** ACTION ITEM **
Only lines containing the string "direction" belong in the answer; copy all of them from the entries.

** GIVEN RECORDS **
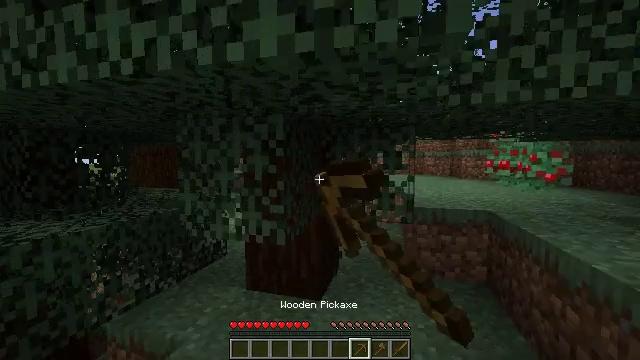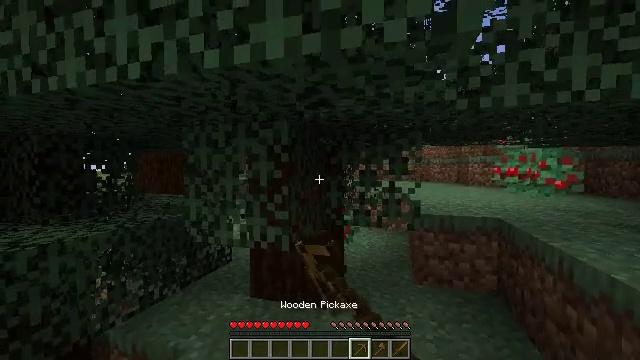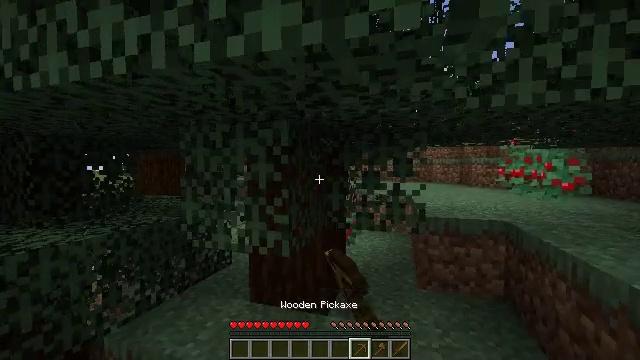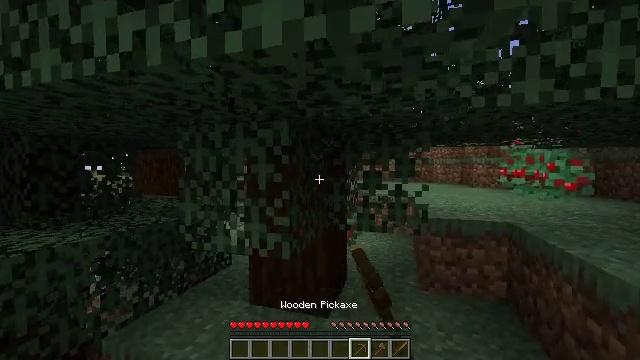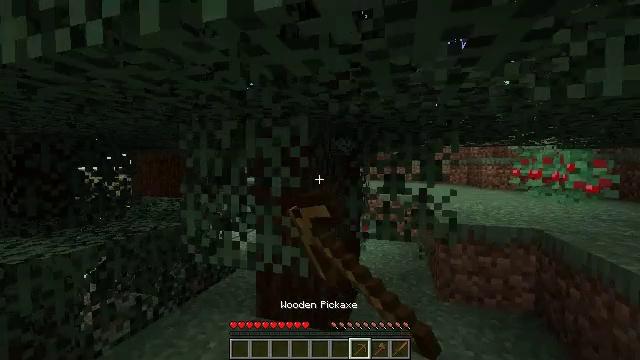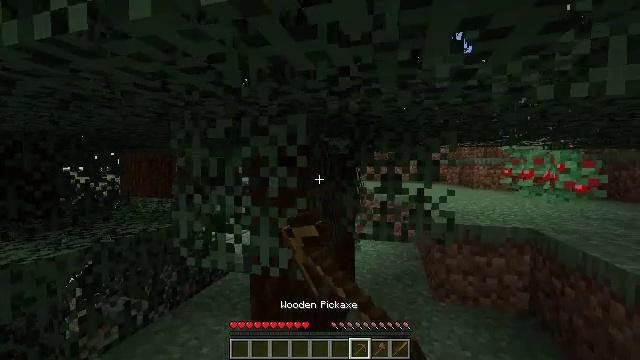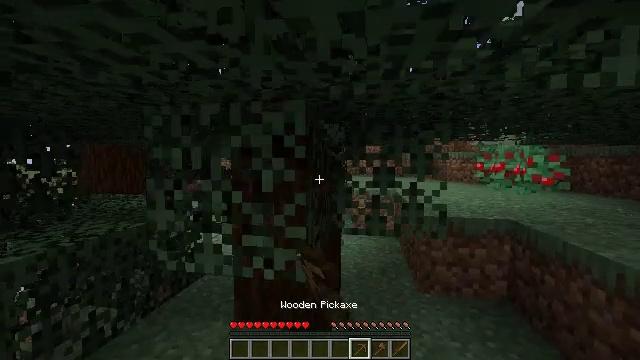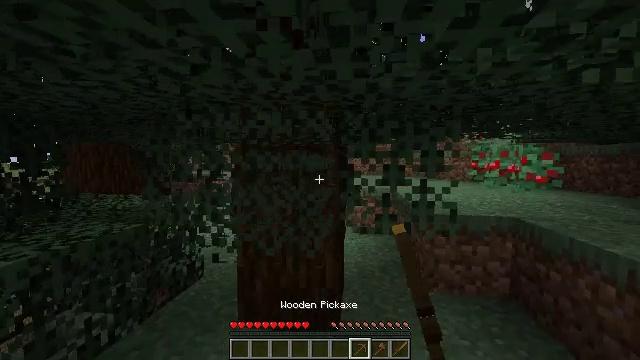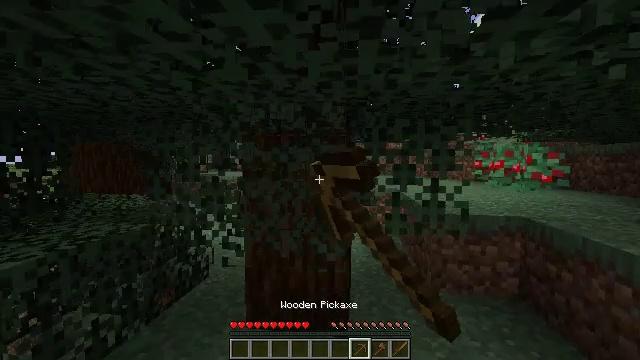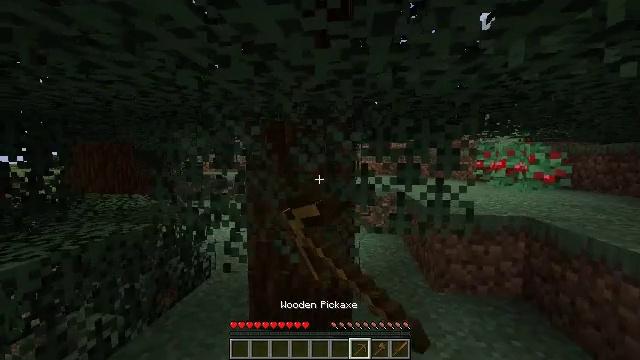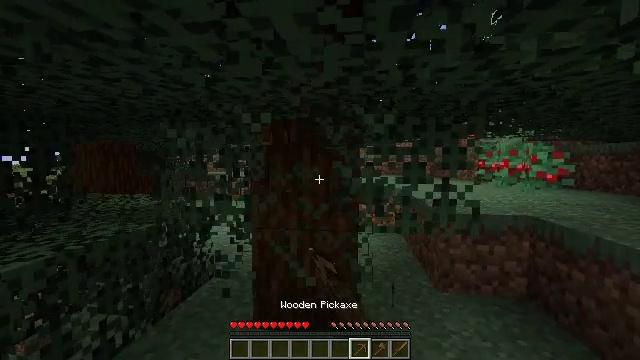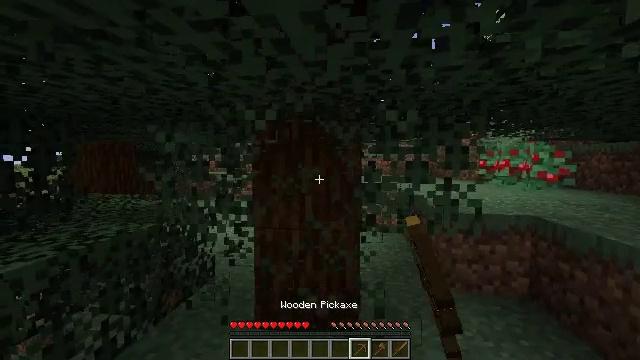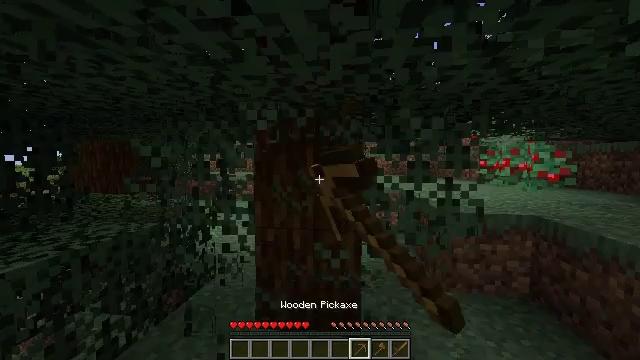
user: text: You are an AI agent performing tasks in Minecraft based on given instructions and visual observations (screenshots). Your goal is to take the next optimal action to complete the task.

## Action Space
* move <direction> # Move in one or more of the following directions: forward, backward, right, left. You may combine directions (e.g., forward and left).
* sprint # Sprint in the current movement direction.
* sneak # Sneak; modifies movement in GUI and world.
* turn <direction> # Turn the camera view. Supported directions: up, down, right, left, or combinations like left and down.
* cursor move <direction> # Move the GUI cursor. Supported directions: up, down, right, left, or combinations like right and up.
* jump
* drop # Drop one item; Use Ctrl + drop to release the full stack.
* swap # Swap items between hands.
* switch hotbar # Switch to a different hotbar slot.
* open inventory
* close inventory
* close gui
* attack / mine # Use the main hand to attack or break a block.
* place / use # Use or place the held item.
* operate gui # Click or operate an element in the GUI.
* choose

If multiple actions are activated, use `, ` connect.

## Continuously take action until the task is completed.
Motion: motion action
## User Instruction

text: Gather spruce leaves to collect foliage.
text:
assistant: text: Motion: turn left and up, attack / mine
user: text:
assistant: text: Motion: move forward, attack / mine
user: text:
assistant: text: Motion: move forward and move left, attack / mine
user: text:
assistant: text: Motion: move forward and move left, attack / mine
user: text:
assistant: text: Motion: move forward and move left, turn right, attack / mine
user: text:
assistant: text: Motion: move left, turn right and down, attack / mine
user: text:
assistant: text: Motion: turn right, attack / mine
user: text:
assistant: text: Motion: attack / mine
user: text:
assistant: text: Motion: attack / mine
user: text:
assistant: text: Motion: attack / mine
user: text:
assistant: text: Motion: attack / mine
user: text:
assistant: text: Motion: attack / mine
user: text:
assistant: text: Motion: attack / mine
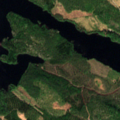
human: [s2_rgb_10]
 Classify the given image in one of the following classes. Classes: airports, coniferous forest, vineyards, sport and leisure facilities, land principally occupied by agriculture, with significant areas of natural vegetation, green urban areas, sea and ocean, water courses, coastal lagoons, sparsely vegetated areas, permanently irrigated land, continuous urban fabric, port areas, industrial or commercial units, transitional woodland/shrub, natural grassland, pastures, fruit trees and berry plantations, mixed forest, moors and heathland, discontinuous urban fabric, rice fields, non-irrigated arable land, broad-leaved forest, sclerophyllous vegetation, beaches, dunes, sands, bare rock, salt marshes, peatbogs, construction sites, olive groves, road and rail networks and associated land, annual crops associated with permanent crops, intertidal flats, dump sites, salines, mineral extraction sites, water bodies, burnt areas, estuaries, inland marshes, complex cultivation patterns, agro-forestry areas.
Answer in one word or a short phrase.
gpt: coniferous forest, mixed forest, transitional woodland/shrub, water bodies
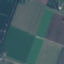
Label: PermanentCrop
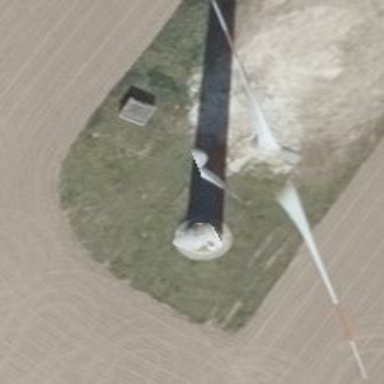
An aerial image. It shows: Wind-powered generator.
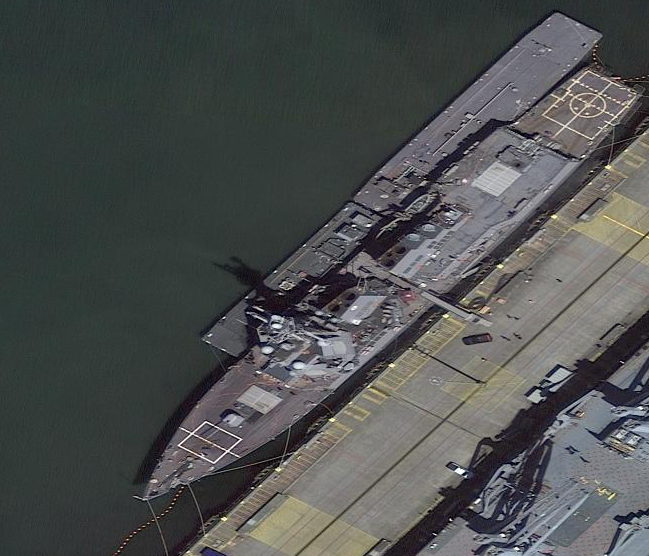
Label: Arleigh_Burke-class_destroyer

** ANSWER SECTION **
* move <direction> # Move in one or more of the following directions: forward, backward, right, left. You may combine directions (e.g., forward and left).
* sprint # Sprint in the current movement direction.
* turn <direction> # Turn the camera view. Supported directions: up, down, right, left, or combinations like left and down.
* cursor move <direction> # Move the GUI cursor. Supported directions: up, down, right, left, or combinations like right and up.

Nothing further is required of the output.